A particular focus of our research within data science is on rich and complex data sources, with emphasis on sequential and temporal data, histogram data, text, and graphs.  In particular, we are interested in (1) building indexing structures and searching techniques for data series, (2) learning predictive models for classification of complex temporal data sources, such as univariate and multivariate time series, event sequences, sequences of temporal intervals, and graphs, (3) time series prediction and event burst detection using statistical methods and deep learning, and (4) subgroup and rule discovery in transactional and sequential data.

Another focus of our research within data science is on ensemble methods, i.e., techniques for generating sets of models that collectively form predictions by voting, and on methods for generating interpretable and explainable models, e.g., actionable feature tweaking, locally explainable models, and rule learning. Interpretability has gained more attention in recent years, since data science methods and models have started to be used to larger extend in both industry and society as a whole. It can be quantified at the model level, i.e., by providing a description of the whole model to the human or by instances, i.e., explaining for each decision the reasons and motivate behind the decision.  There exist lot of aspects on models that relate to interpretability, such as model stability and size, dimensionality reduction, and visualization.

Another focus area is natural language processing with emphasis on efficient and resource lean methods for text summarization, classification, and word burst detection. Particular emphasis is given on clinical text mining by applying language technology, such as semantic analysis, to extract accurate and relevant information from very large clinical text sets. The latter is performed in close collaboration with the clinical text mining group.

We focus on three application areas of data science:

Learning from Electronic Health Records: the key aim is to develop and employ machine learning methods for providing efficient and effective decision support for healthcare and pharmaceutical research. The research group is currently focusing on two concrete problems: (1) learning temporal models for predicting and preventing adverse events in healthcare, such as Adverse Drug Events (ADEs) and (2) understanding heart failure and modeling heart failure patient treatment trajectories.  For the purposes of these two projects, our group has established strong collaboration with Stockholm County Council, Karolinska University Hospital, and Karolinska Institute.

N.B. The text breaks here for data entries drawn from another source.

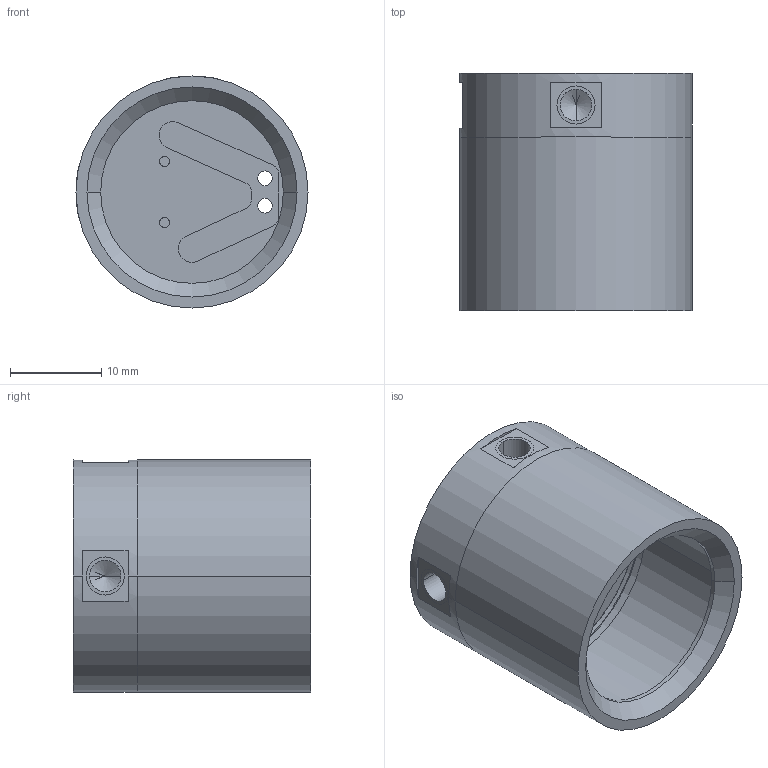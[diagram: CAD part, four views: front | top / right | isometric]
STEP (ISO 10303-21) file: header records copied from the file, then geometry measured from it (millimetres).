
FILE_DESCRIPTION((''),'2;1');
FILE_NAME('180000_ASM','2017-11-15T',('zkm'),(''),'PRO/ENGINEER BY PARAMETRIC TECHNOLOGY CORPORATION, 2004110','PRO/ENGINEER BY PARAMETRIC TECHNOLOGY CORPORATION, 2004110','');
FILE_SCHEMA(('CONFIG_CONTROL_DESIGN'));
Length unit declared in the file: millimetre
Products named in the file (3): 180000; 180002; 180000_ASM
Assembly tree (2 placements, depth 2):
  180000_ASM
    180000
    180002
Bounding box: 25.4 x 26 x 25.4 mm (x, y, z)
Volume: 6781.3 mm3; surface area: 6280.2 mm2
Topology: 2 solids, 7 shells, 83 faces, 197 edges, 127 vertices
Faces by surface type: cylinder 46, plane 27, cone 10
Entity records: 2521 total; most frequent: DIRECTION 483, CARTESIAN_POINT 410, ORIENTED_EDGE 362, AXIS2_PLACEMENT_3D 200, EDGE_CURVE 191, VERTEX_POINT 127, CIRCLE 108, EDGE_LOOP 104

Integrated Vehicle Health Management: the aim here is to facilitate integrated vehicle health monitoring (IVHM) of heavy trucks. The focus then was to investigate how to predict the vehicle's health status by calculating the components remaining life to be able for create better decisions for example: (1) using health status to schedule maintenance so that unplanned downtime is minimized, (2) creating a system that optimizes maintenance plans based in part on the health status and customer preferences, and (3) creating a system that provides decision support to drivers and fleet planners utilization of vehicles. This project is implemented in strong collaboration with SCANIA.

Network traffic prediction: the main aim here is to employ efficient and effective techniques for monitoring cellular network traffic and predicting traffic bursts in a telecommunication network as well as classifying network traffic based on key features extracted from real oulink and downlink traffic.  The methods applied for solving this problem include random forests and several reccurrent neural network architectures.